In the entries below, filter for the word "white" and copy every matching line.

>>>>

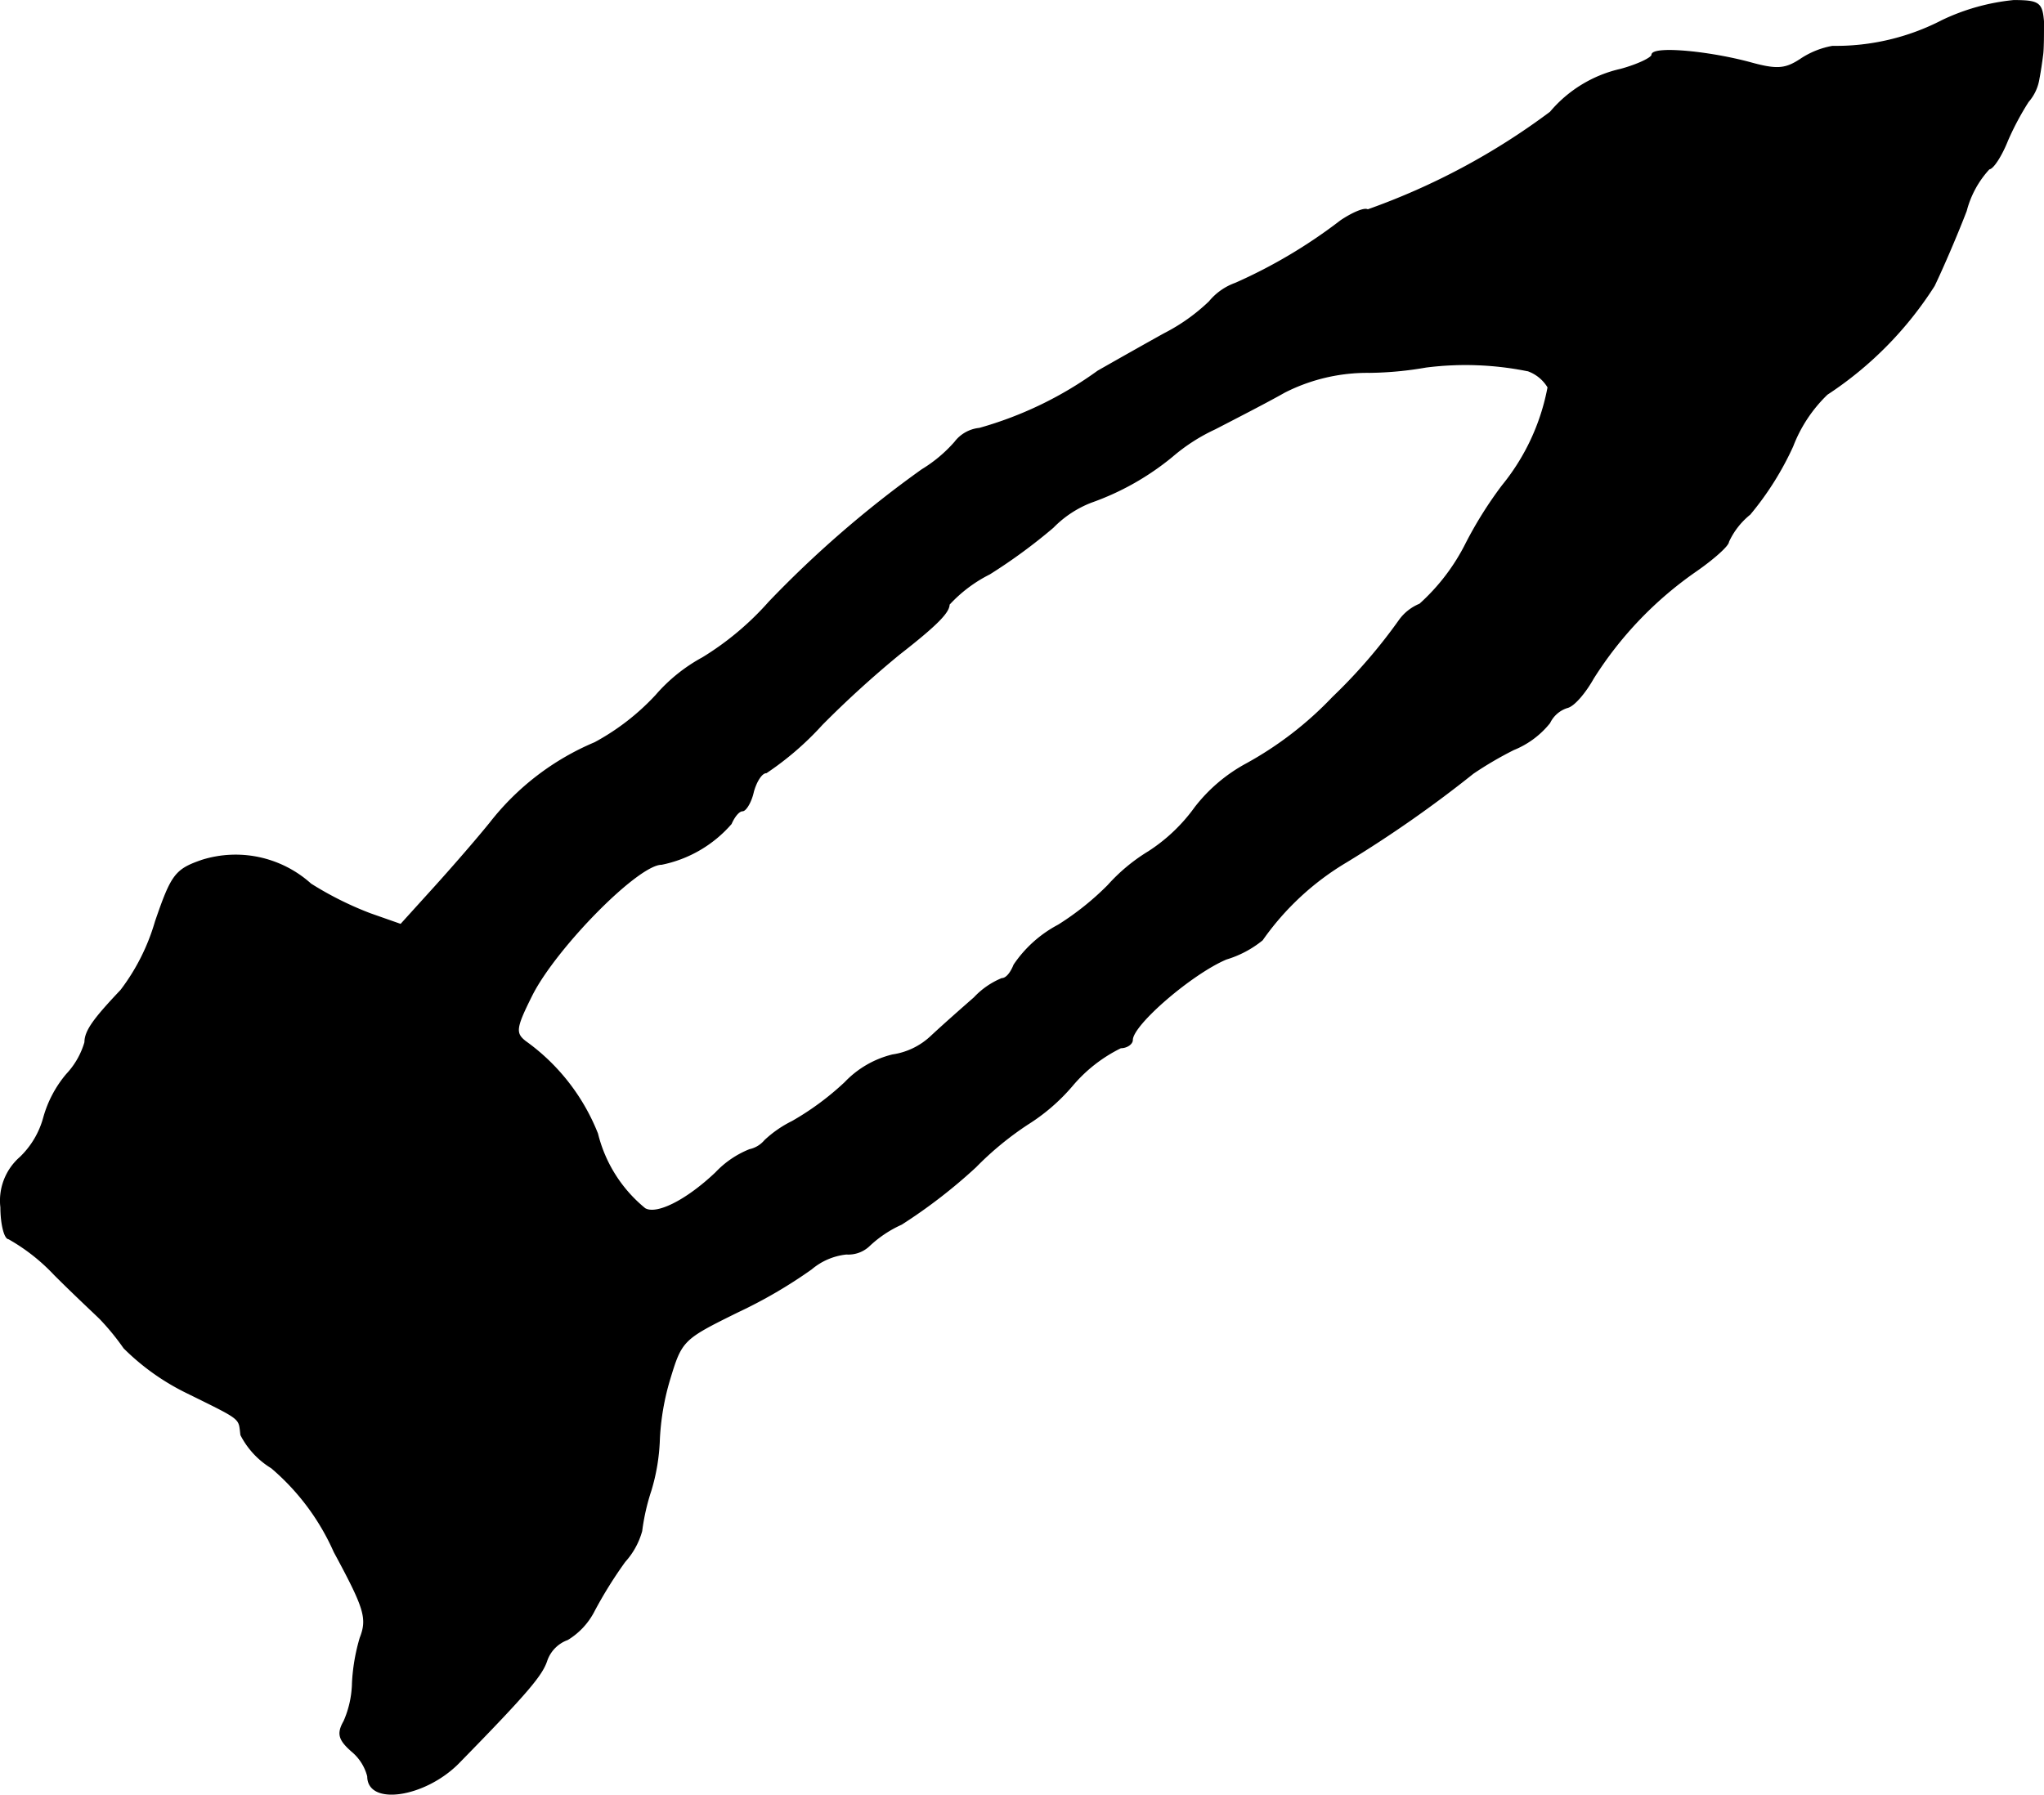 <?xml version="1.0" encoding="UTF-8"?>
<svg xmlns="http://www.w3.org/2000/svg"
     version="1.1"
     width="5.714mm"
     height="5.019mm"
     viewBox="0 0 16.197 14.226">
   <defs>
      <style type="text/css"><![CDATA[
      .a {
        stroke: #000;
        stroke-linecap: round;
        stroke-linejoin: round;
        stroke-width: 0.01px;
      }
    ]]></style>
   </defs>
   <path class="a"
         d="M15.393.162a1.835,1.835,0,0,1-.872.206.66.66,0,0,0-.254.103c-.121.079-.188.085-.406.024C13.521.405,13.091.368,13.091.435c0,.024-.115.079-.248.115a1.022,1.022,0,0,0-.557.339,5.454,5.454,0,0,1-1.448.775c-.024-.018-.121.024-.212.085a4.062,4.062,0,0,1-.836.497.473.473,0,0,0-.206.145,1.499,1.499,0,0,1-.357.254c-.121.067-.357.2-.527.297a2.96,2.96,0,0,1-.939.454.278.278,0,0,0-.194.109,1.116,1.116,0,0,1-.26.218A8.552,8.552,0,0,0,6.095,4.772a2.315,2.315,0,0,1-.527.442,1.321,1.321,0,0,0-.369.297,1.873,1.873,0,0,1-.485.376,2.069,2.069,0,0,0-.83.636c-.133.164-.351.412-.478.551l-.23.254L2.934,7.243a2.648,2.648,0,0,1-.472-.236.889.889,0,0,0-.86-.188c-.212.073-.242.115-.369.485A1.662,1.662,0,0,1,.959,7.849c-.212.224-.285.321-.285.412a.627.627,0,0,1-.145.254.908.908,0,0,0-.182.345.685.685,0,0,1-.188.315.454.454,0,0,0-.151.394c0,.133.03.248.061.248A1.526,1.526,0,0,1,.432,10.102c.164.164.327.315.363.351a1.931,1.931,0,0,1,.188.23,1.859,1.859,0,0,0,.503.357c.442.218.406.194.424.333a.654.654,0,0,0,.242.26,1.864,1.864,0,0,1,.497.666c.242.448.267.527.206.684a1.523,1.523,0,0,0-.061.357.794.794,0,0,1-.067.303c-.055.097-.042.145.061.236a.383.383,0,0,1,.127.2c0,.23.448.164.715-.103.563-.575.666-.703.703-.818a.273.273,0,0,1,.164-.164.566.566,0,0,0,.212-.23,3.394,3.394,0,0,1,.242-.388.599.599,0,0,0,.133-.242,1.712,1.712,0,0,1,.073-.321,1.576,1.576,0,0,0,.067-.406,1.982,1.982,0,0,1,.079-.466c.097-.321.103-.327.545-.545a3.795,3.795,0,0,0,.581-.339A.513.513,0,0,1,6.707,9.938a.239.239,0,0,0,.176-.061A.924.924,0,0,1,7.143,9.702a4.218,4.218,0,0,0,.588-.454,2.494,2.494,0,0,1,.412-.339,1.537,1.537,0,0,0,.351-.303A1.185,1.185,0,0,1,8.881,8.303c.048,0,.091-.03.091-.061,0-.121.472-.527.745-.642a.828.828,0,0,0,.285-.151,2.162,2.162,0,0,1,.666-.618,9.636,9.636,0,0,0,1.005-.703,2.85,2.85,0,0,1,.321-.188.701.701,0,0,0,.285-.212.233.233,0,0,1,.139-.121c.055-.012.145-.121.206-.23a2.942,2.942,0,0,1,.818-.854c.139-.097.254-.2.254-.23a.601.601,0,0,1,.17-.218,2.384,2.384,0,0,0,.339-.539,1.136,1.136,0,0,1,.273-.412,2.871,2.871,0,0,0,.848-.86c.067-.139.182-.406.254-.594a.778.778,0,0,1,.182-.333c.03,0,.097-.103.145-.224A2.217,2.217,0,0,1,16.071.805.359.359,0,0,0,16.156.623C16.168.562,16.18.477,16.186.429s.006-.164.006-.26C16.18.023,16.156.005,15.956.005A1.699,1.699,0,0,0,15.393.162Zm-3.289,2.774a.308.308,0,0,1,.164.133,1.74,1.74,0,0,1-.363.781,3.165,3.165,0,0,0-.285.454,1.627,1.627,0,0,1-.369.485.374.374,0,0,0-.157.121,4.273,4.273,0,0,1-.533.618,2.806,2.806,0,0,1-.684.527,1.287,1.287,0,0,0-.406.345,1.367,1.367,0,0,1-.369.351,1.424,1.424,0,0,0-.321.267,2.214,2.214,0,0,1-.394.315.97.97,0,0,0-.351.315c-.024.061-.061.109-.097.109a.625.625,0,0,0-.218.151c-.097.085-.248.218-.339.303a.564.564,0,0,1-.309.151.773.773,0,0,0-.376.218,2.212,2.212,0,0,1-.418.309.898.898,0,0,0-.218.151.218.218,0,0,1-.121.073.752.752,0,0,0-.267.182c-.236.224-.472.339-.563.285a1.109,1.109,0,0,1-.376-.594A1.638,1.638,0,0,0,4.163,8.255c-.085-.067-.079-.109.055-.376.194-.376.836-1.03,1.024-1.03a.988.988,0,0,0,.551-.321c.024-.055.061-.103.091-.103.024,0,.067-.067.085-.151.024-.085.067-.151.103-.151a2.39,2.39,0,0,0,.442-.382,8.166,8.166,0,0,1,.612-.557c.303-.236.394-.333.394-.394a1.112,1.112,0,0,1,.321-.242,4.35,4.35,0,0,0,.503-.369.853.853,0,0,1,.303-.2,2.116,2.116,0,0,0,.642-.363,1.464,1.464,0,0,1,.339-.218c.164-.085.412-.212.551-.291a1.447,1.447,0,0,1,.672-.157,2.766,2.766,0,0,0,.448-.042A2.481,2.481,0,0,1,12.104,2.937Z"/>
</svg>
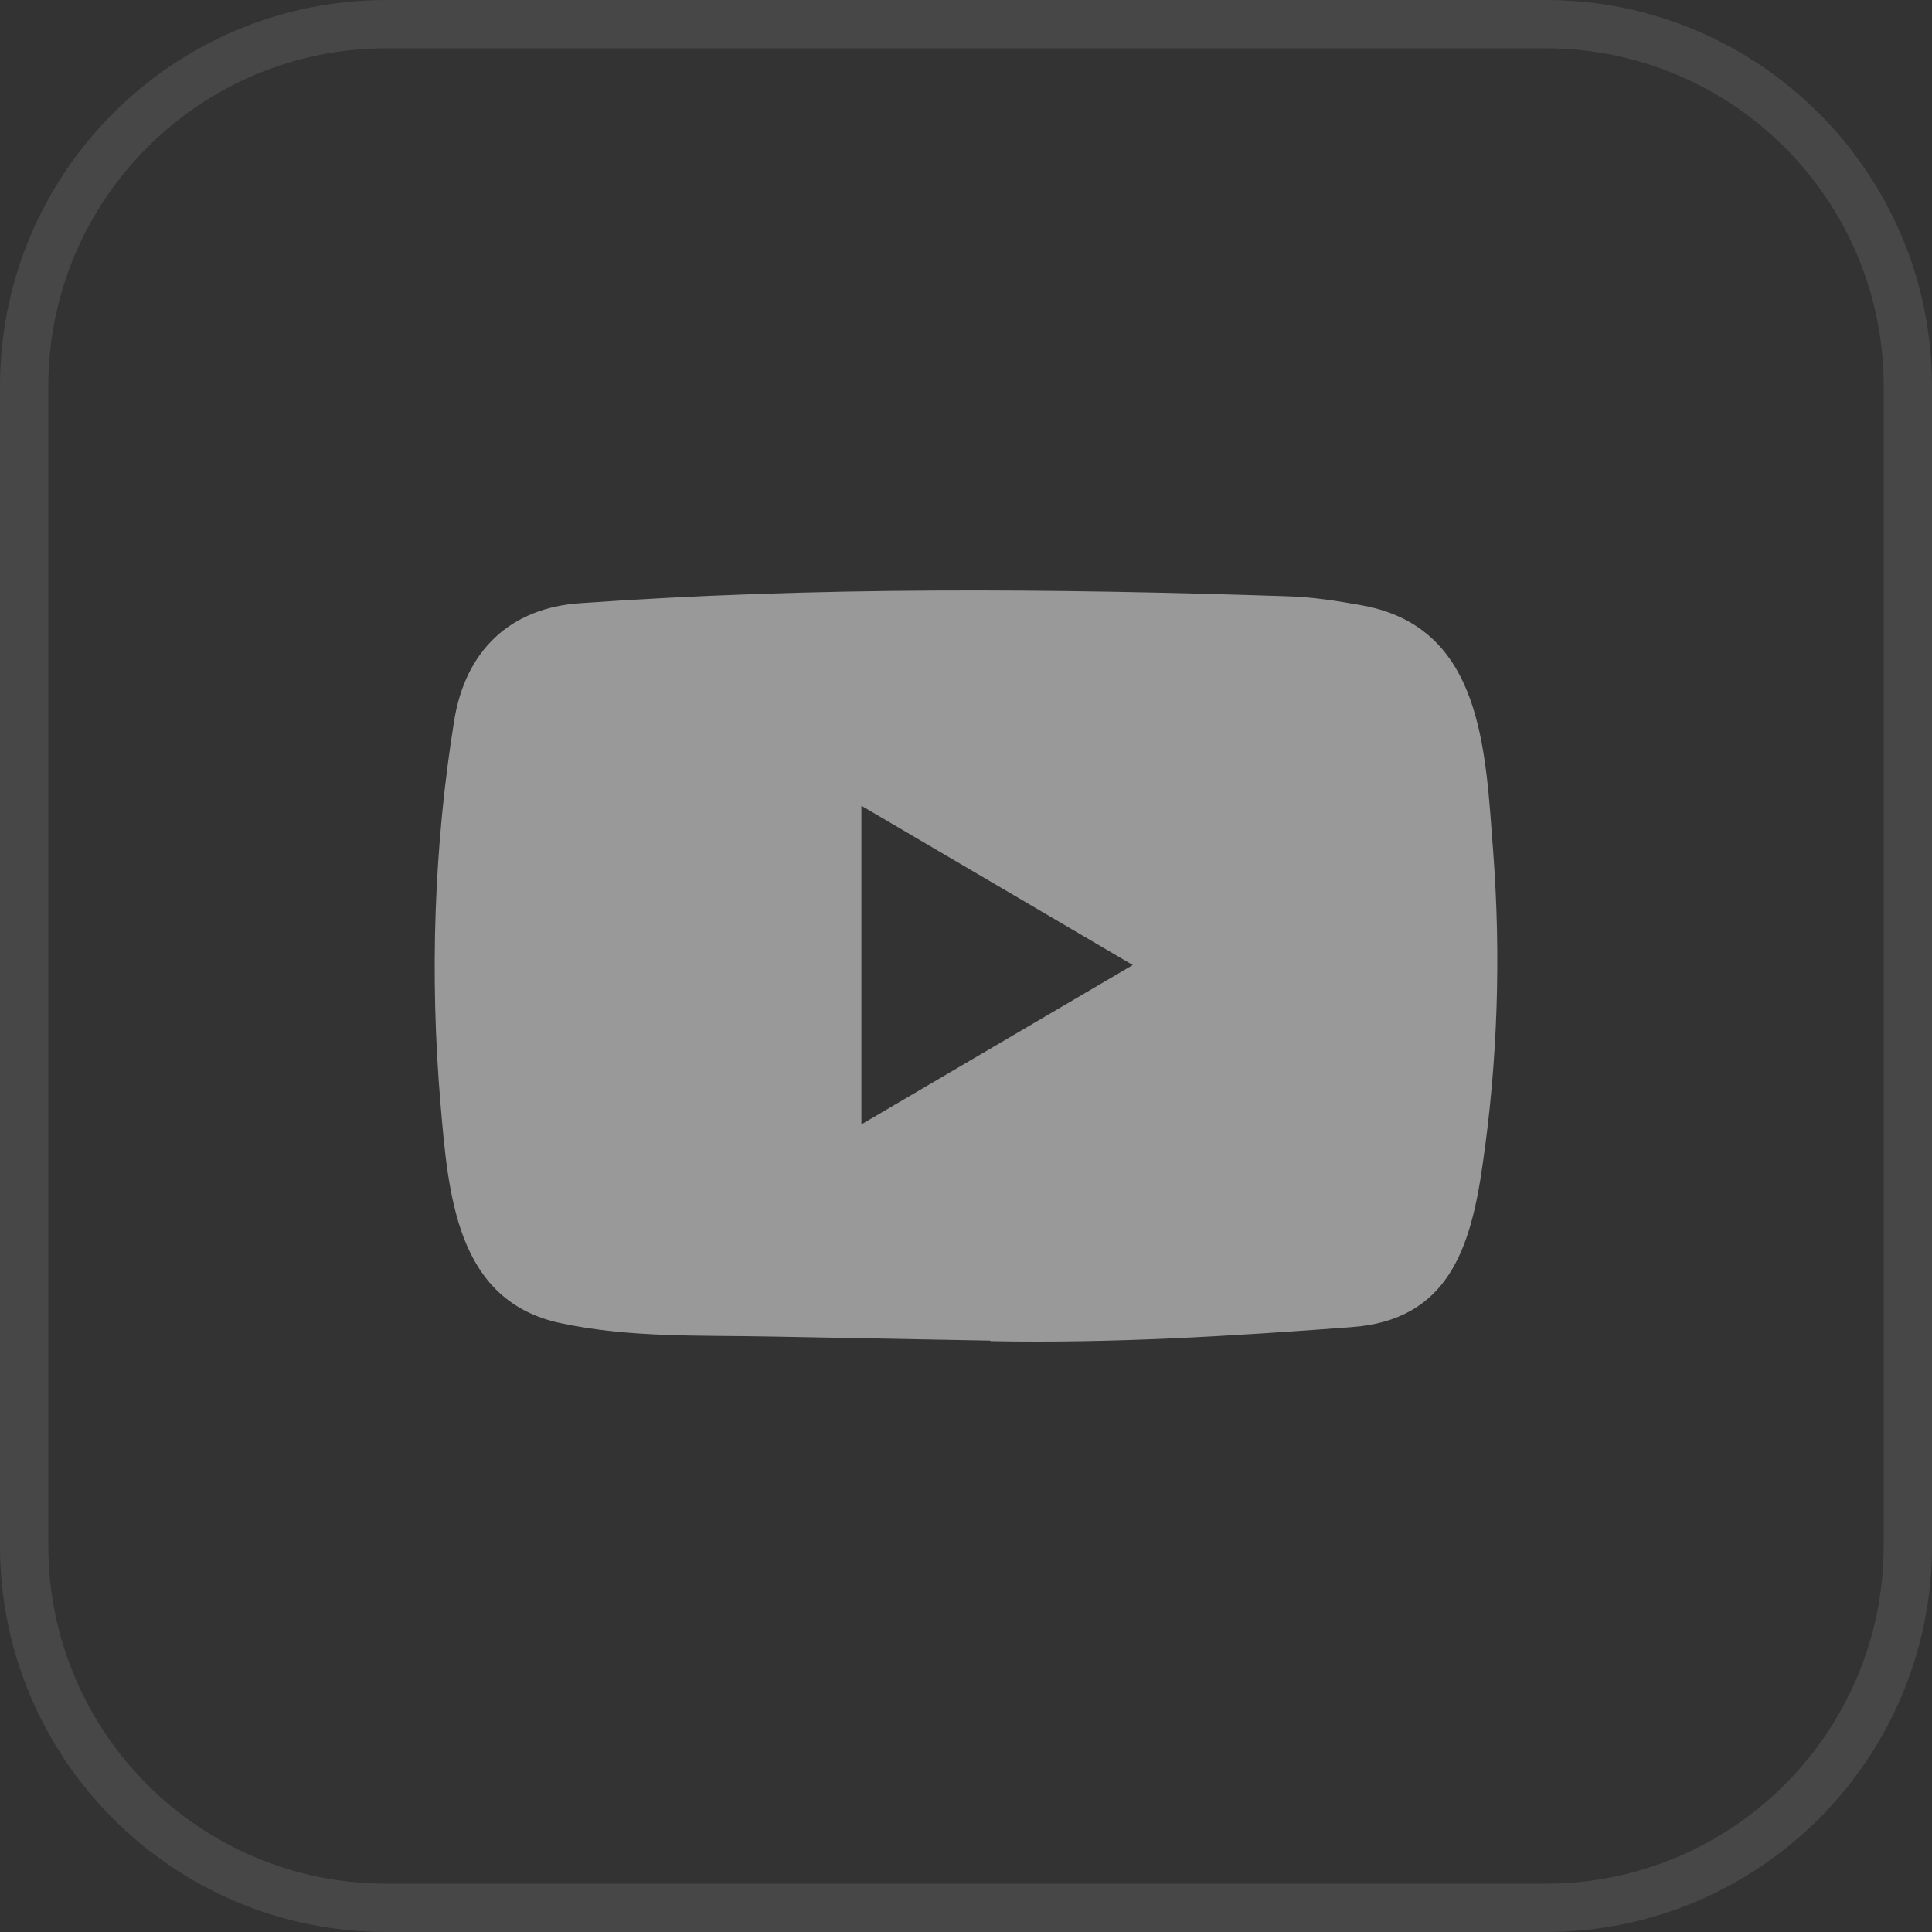 <svg width="40" height="40" viewBox="0 0 40 40" fill="none" xmlns="http://www.w3.org/2000/svg">
<rect x="0" y="0" width="40" height="40" fill="#333333" stroke="none"/>
<path d="M8 0.5H32C36.142 0.5 39.5 3.858 39.5 8V32C39.5 36.142 36.142 39.5 32 39.5H8C3.858 39.5 0.5 36.142 0.5 32V8C0.5 3.858 3.858 0.5 8 0.5Z" stroke="white" stroke-opacity="0.1"/>
<path opacity="0.5" d="M20.487 27.756L15.974 27.672C14.512 27.642 13.047 27.701 11.615 27.396C9.435 26.941 9.281 24.71 9.119 22.839C8.897 20.208 8.983 17.529 9.403 14.92C9.64 13.457 10.573 12.583 12.017 12.488C16.89 12.143 21.794 12.184 26.656 12.345C27.17 12.36 27.687 12.44 28.193 12.532C30.692 12.98 30.753 15.508 30.915 17.636C31.077 19.786 31.009 21.948 30.7 24.083C30.452 25.852 29.978 27.334 27.978 27.477C25.471 27.665 23.022 27.815 20.509 27.767C20.509 27.756 20.495 27.756 20.487 27.756ZM17.834 23.279C19.723 22.171 21.575 21.081 23.453 19.98C21.561 18.872 19.712 17.782 17.834 16.682V23.279Z" fill="white"/>
</svg>

<<<<

→ Written solution
<path d="M8 0.5H32C36.142 0.5 39.5 3.858 39.5 8V32C39.5 36.142 36.142 39.5 32 39.5H8C3.858 39.5 0.5 36.142 0.5 32V8C0.5 3.858 3.858 0.5 8 0.5Z" stroke="white" stroke-opacity="0.1"/>
<path opacity="0.5" d="M20.487 27.756L15.974 27.672C14.512 27.642 13.047 27.701 11.615 27.396C9.435 26.941 9.281 24.71 9.119 22.839C8.897 20.208 8.983 17.529 9.403 14.92C9.64 13.457 10.573 12.583 12.017 12.488C16.89 12.143 21.794 12.184 26.656 12.345C27.17 12.36 27.687 12.44 28.193 12.532C30.692 12.98 30.753 15.508 30.915 17.636C31.077 19.786 31.009 21.948 30.7 24.083C30.452 25.852 29.978 27.334 27.978 27.477C25.471 27.665 23.022 27.815 20.509 27.767C20.509 27.756 20.495 27.756 20.487 27.756ZM17.834 23.279C19.723 22.171 21.575 21.081 23.453 19.98C21.561 18.872 19.712 17.782 17.834 16.682V23.279Z" fill="white"/>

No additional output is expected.